- REQUIREMENT
Every line below should be duplicated exactly.
DATA IN THIS EXERCISE below:
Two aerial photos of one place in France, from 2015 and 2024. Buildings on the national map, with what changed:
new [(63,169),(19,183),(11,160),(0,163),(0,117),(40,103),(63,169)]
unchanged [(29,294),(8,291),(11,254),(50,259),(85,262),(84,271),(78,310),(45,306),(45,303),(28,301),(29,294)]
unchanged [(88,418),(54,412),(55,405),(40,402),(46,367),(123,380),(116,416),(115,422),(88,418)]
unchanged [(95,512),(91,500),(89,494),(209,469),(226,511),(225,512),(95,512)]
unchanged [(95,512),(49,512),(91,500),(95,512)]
End of DATA IN THIS EXERCISE.
- ANSWER AREA
Two aerial photos of one place in France, from 2015 and 2024. Buildings on the national map, with what changed:
new [(63,169),(19,183),(11,160),(0,163),(0,117),(40,103),(63,169)]
unchanged [(29,294),(8,291),(11,254),(50,259),(85,262),(84,271),(78,310),(45,306),(45,303),(28,301),(29,294)]
unchanged [(88,418),(54,412),(55,405),(40,402),(46,367),(123,380),(116,416),(115,422),(88,418)]
unchanged [(95,512),(91,500),(89,494),(209,469),(226,511),(225,512),(95,512)]
unchanged [(95,512),(49,512),(91,500),(95,512)]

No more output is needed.